> _Task brief_
Repeat exactly the lines that run from the start of the records below to the line with "12.242C81.897 12.132 83.41", including both of those lines but not the pictures.

Stored items from a collection:
- - - -

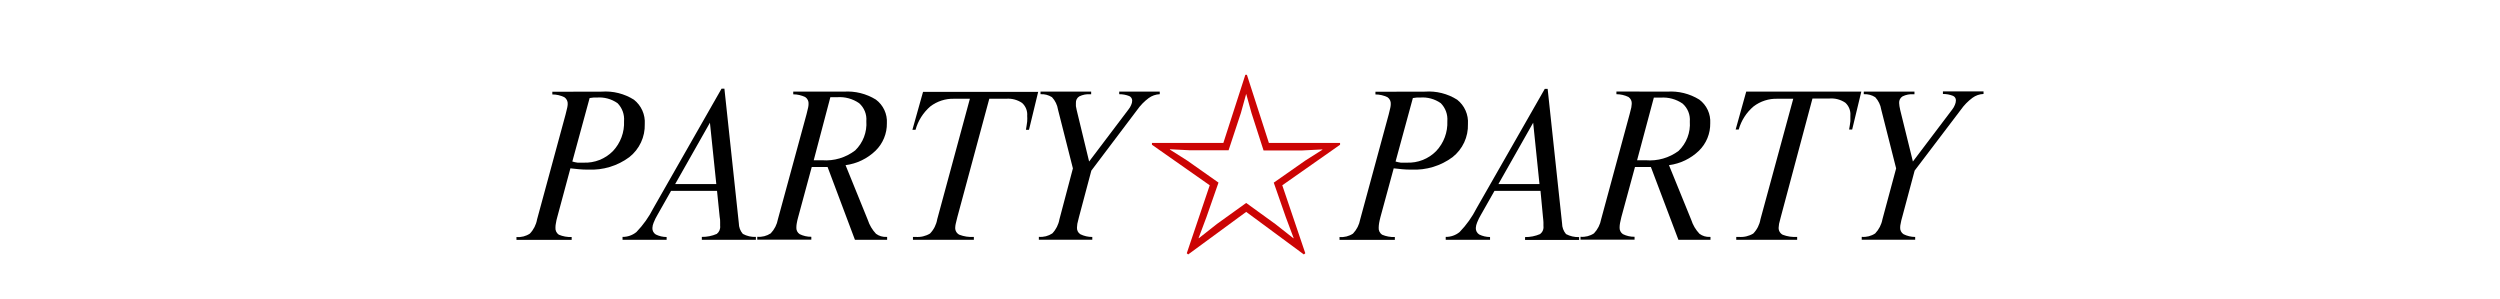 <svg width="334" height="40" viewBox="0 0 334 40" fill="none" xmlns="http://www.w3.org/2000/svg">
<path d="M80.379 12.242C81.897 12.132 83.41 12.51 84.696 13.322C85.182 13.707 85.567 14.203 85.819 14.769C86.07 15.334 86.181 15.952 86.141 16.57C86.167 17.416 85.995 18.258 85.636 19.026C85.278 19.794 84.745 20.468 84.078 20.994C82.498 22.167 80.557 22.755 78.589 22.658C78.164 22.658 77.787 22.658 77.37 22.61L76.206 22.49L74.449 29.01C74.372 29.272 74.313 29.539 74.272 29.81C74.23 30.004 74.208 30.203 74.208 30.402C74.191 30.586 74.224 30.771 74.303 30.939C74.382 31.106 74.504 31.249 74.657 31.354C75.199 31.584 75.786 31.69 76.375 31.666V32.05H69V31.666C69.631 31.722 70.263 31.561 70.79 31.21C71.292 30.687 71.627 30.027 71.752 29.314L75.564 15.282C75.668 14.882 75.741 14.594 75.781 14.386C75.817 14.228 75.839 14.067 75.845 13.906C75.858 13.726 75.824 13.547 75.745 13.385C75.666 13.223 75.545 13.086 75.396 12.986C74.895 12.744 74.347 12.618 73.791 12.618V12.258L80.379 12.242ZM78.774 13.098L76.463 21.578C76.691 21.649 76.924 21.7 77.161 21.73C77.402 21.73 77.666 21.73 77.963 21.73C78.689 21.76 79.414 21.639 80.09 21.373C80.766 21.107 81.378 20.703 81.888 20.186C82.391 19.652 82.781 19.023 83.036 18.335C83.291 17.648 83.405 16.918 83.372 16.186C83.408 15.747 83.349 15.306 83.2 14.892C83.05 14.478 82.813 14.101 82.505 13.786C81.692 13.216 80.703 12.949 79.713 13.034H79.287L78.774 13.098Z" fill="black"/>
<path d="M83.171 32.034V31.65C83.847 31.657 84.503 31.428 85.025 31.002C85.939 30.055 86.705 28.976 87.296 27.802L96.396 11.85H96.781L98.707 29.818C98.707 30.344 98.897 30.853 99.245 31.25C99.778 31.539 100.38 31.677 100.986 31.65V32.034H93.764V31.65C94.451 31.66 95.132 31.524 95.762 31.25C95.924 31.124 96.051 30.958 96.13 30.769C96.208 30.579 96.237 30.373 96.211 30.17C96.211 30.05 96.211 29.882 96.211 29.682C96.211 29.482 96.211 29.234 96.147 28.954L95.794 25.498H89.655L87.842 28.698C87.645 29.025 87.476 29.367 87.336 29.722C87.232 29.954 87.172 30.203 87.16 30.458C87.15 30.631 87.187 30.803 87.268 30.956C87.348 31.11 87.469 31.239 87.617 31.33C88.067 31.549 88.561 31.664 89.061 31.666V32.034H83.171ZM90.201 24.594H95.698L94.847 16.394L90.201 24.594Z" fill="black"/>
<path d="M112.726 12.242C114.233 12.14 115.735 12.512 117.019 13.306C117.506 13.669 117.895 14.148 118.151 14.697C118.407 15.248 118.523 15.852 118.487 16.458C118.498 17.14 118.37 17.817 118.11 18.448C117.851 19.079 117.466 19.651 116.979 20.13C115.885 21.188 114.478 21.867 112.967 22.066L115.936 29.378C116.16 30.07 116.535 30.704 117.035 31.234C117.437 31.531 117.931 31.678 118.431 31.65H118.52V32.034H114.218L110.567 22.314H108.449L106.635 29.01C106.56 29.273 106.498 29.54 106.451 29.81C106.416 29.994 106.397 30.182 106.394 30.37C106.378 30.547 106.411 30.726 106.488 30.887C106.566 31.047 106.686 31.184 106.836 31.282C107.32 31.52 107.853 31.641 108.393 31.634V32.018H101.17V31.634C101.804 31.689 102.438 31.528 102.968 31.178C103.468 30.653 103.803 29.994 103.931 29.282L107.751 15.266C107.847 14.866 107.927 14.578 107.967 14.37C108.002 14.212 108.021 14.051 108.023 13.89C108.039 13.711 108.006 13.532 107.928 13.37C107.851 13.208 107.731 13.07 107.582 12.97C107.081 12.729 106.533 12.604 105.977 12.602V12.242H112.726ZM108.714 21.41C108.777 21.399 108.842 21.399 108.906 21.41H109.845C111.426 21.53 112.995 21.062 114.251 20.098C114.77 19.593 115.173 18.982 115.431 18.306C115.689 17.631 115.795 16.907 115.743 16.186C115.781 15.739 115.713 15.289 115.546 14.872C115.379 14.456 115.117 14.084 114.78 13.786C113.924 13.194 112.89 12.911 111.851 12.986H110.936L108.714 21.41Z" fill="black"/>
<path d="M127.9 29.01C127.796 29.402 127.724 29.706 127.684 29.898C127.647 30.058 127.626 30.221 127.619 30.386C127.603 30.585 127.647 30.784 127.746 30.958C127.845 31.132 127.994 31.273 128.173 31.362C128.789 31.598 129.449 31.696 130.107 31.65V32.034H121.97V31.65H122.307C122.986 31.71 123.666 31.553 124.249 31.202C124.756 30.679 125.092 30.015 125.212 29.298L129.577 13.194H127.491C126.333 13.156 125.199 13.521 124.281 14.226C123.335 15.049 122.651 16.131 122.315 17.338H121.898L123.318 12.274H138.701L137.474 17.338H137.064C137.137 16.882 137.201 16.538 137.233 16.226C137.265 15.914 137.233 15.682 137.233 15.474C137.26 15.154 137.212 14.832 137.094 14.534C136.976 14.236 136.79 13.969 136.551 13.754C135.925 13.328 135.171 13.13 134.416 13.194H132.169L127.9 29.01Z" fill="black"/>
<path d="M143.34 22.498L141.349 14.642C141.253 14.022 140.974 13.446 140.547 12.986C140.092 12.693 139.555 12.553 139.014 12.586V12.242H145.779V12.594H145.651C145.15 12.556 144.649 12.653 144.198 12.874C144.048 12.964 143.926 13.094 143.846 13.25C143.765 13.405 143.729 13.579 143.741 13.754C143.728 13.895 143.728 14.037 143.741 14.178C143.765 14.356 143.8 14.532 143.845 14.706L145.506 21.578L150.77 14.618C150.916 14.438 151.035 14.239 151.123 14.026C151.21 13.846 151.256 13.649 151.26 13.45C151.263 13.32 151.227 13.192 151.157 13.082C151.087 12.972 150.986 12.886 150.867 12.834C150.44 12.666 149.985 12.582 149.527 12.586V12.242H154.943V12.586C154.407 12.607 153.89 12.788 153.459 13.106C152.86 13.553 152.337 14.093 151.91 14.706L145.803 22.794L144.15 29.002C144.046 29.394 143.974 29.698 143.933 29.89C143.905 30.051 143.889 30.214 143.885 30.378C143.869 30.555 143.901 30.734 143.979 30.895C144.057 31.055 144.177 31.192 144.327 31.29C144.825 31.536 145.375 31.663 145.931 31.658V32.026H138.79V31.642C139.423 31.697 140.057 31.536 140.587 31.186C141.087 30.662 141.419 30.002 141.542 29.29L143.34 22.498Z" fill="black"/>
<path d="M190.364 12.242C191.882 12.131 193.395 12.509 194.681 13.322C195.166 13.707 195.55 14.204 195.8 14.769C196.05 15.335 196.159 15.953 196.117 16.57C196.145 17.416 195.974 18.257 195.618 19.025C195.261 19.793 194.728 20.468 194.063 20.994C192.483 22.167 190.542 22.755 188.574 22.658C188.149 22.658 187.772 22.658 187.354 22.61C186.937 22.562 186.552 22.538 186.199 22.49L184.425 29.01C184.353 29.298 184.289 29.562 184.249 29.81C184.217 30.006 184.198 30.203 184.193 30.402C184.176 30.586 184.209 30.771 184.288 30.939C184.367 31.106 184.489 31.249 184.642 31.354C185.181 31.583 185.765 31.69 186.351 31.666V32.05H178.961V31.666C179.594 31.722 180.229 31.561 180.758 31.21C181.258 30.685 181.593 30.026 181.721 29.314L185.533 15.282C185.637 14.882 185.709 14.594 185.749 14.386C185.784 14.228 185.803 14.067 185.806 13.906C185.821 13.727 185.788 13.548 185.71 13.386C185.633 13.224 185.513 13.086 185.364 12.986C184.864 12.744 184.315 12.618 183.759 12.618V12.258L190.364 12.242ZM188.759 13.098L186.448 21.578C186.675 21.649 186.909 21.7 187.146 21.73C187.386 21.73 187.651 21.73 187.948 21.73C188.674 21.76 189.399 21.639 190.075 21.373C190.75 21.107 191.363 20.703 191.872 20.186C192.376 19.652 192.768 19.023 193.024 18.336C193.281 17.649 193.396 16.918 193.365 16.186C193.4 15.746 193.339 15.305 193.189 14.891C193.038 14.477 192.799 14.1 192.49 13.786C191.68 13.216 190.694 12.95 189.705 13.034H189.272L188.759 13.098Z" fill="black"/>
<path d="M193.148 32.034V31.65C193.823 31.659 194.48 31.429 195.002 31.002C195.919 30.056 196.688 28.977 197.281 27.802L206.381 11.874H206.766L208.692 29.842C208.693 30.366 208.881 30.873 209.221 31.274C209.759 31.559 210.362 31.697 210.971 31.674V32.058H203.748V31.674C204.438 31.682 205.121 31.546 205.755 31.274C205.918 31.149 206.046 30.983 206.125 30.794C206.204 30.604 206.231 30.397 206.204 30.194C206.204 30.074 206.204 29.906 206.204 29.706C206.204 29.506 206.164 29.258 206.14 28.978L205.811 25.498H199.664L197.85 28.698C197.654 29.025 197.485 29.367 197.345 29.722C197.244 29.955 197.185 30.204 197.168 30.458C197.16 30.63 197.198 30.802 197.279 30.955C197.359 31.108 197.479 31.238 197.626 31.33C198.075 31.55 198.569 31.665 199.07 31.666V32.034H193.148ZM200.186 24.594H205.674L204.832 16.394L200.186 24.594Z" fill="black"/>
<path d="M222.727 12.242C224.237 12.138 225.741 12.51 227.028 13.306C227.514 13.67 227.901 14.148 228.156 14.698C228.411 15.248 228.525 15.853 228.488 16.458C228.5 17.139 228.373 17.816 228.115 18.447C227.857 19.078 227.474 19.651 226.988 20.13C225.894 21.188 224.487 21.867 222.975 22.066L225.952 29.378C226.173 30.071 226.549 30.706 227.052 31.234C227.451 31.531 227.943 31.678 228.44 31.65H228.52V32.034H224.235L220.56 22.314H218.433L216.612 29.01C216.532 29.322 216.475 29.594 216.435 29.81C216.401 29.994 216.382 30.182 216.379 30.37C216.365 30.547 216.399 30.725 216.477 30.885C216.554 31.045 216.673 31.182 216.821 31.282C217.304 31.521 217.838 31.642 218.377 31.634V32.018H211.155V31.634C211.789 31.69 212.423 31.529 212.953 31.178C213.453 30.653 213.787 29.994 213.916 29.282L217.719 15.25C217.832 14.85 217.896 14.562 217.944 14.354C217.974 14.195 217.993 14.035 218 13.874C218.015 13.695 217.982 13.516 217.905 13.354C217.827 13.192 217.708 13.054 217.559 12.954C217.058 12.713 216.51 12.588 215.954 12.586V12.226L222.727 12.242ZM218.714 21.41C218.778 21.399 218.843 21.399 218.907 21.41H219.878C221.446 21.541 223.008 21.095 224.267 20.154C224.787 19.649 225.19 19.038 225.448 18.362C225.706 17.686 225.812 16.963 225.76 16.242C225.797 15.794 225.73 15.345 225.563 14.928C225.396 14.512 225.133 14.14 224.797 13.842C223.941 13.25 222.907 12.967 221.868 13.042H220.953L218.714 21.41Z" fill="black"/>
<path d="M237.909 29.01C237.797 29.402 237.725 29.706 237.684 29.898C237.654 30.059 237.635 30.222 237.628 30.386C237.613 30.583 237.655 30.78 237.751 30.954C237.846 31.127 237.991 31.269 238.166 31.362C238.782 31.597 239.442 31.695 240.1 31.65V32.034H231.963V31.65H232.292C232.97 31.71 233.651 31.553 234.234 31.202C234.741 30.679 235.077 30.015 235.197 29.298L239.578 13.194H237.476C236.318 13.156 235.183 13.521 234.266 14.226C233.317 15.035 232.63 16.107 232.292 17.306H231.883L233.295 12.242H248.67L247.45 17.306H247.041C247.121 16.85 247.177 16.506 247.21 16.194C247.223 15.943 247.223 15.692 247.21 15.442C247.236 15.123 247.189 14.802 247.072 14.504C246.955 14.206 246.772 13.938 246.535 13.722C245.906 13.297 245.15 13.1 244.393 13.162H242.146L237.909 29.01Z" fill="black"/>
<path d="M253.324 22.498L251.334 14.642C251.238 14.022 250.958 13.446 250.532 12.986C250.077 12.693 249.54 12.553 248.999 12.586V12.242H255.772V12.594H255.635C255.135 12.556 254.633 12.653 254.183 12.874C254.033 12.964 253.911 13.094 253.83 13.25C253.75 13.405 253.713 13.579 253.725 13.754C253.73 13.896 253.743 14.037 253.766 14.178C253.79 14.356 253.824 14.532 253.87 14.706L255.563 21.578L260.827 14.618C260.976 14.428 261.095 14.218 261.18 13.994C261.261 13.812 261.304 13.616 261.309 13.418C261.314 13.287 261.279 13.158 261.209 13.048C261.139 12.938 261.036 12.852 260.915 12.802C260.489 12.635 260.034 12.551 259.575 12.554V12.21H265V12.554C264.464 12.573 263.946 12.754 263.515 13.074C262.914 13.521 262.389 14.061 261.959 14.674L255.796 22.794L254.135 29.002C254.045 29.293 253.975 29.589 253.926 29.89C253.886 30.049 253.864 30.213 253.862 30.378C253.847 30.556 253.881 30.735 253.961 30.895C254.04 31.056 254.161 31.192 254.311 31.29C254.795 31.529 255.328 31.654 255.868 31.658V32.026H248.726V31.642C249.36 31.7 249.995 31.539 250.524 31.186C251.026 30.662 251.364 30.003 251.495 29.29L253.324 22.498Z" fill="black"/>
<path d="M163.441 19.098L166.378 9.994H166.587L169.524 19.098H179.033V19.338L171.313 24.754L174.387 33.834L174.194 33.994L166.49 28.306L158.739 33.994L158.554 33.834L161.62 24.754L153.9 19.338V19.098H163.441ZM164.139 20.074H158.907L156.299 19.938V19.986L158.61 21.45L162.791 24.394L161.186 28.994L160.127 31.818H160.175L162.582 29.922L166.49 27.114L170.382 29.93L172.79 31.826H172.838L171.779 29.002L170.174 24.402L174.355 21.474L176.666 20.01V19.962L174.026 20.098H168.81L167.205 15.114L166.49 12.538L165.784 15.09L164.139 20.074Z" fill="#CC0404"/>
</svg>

- - - -

> _Result of the task_
 <svg width="334" height="40" viewBox="0 0 334 40" fill="none" xmlns="http://www.w3.org/2000/svg">
<path d="M80.379 12.242C81.897 12.132 83.41 12.51 84.696 13.322C85.182 13.707 85.567 14.203 85.819 14.769C86.07 15.334 86.181 15.952 86.141 16.57C86.167 17.416 85.995 18.258 85.636 19.026C85.278 19.794 84.745 20.468 84.078 20.994C82.498 22.167 80.557 22.755 78.589 22.658C78.164 22.658 77.787 22.658 77.37 22.61L76.206 22.49L74.449 29.01C74.372 29.272 74.313 29.539 74.272 29.81C74.23 30.004 74.208 30.203 74.208 30.402C74.191 30.586 74.224 30.771 74.303 30.939C74.382 31.106 74.504 31.249 74.657 31.354C75.199 31.584 75.786 31.69 76.375 31.666V32.05H69V31.666C69.631 31.722 70.263 31.561 70.79 31.21C71.292 30.687 71.627 30.027 71.752 29.314L75.564 15.282C75.668 14.882 75.741 14.594 75.781 14.386C75.817 14.228 75.839 14.067 75.845 13.906C75.858 13.726 75.824 13.547 75.745 13.385C75.666 13.223 75.545 13.086 75.396 12.986C74.895 12.744 74.347 12.618 73.791 12.618V12.258L80.379 12.242ZM78.774 13.098L76.463 21.578C76.691 21.649 76.924 21.7 77.161 21.73C77.402 21.73 77.666 21.73 77.963 21.73C78.689 21.76 79.414 21.639 80.09 21.373C80.766 21.107 81.378 20.703 81.888 20.186C82.391 19.652 82.781 19.023 83.036 18.335C83.291 17.648 83.405 16.918 83.372 16.186C83.408 15.747 83.349 15.306 83.2 14.892C83.05 14.478 82.813 14.101 82.505 13.786C81.692 13.216 80.703 12.949 79.713 13.034H79.287L78.774 13.098Z" fill="black"/>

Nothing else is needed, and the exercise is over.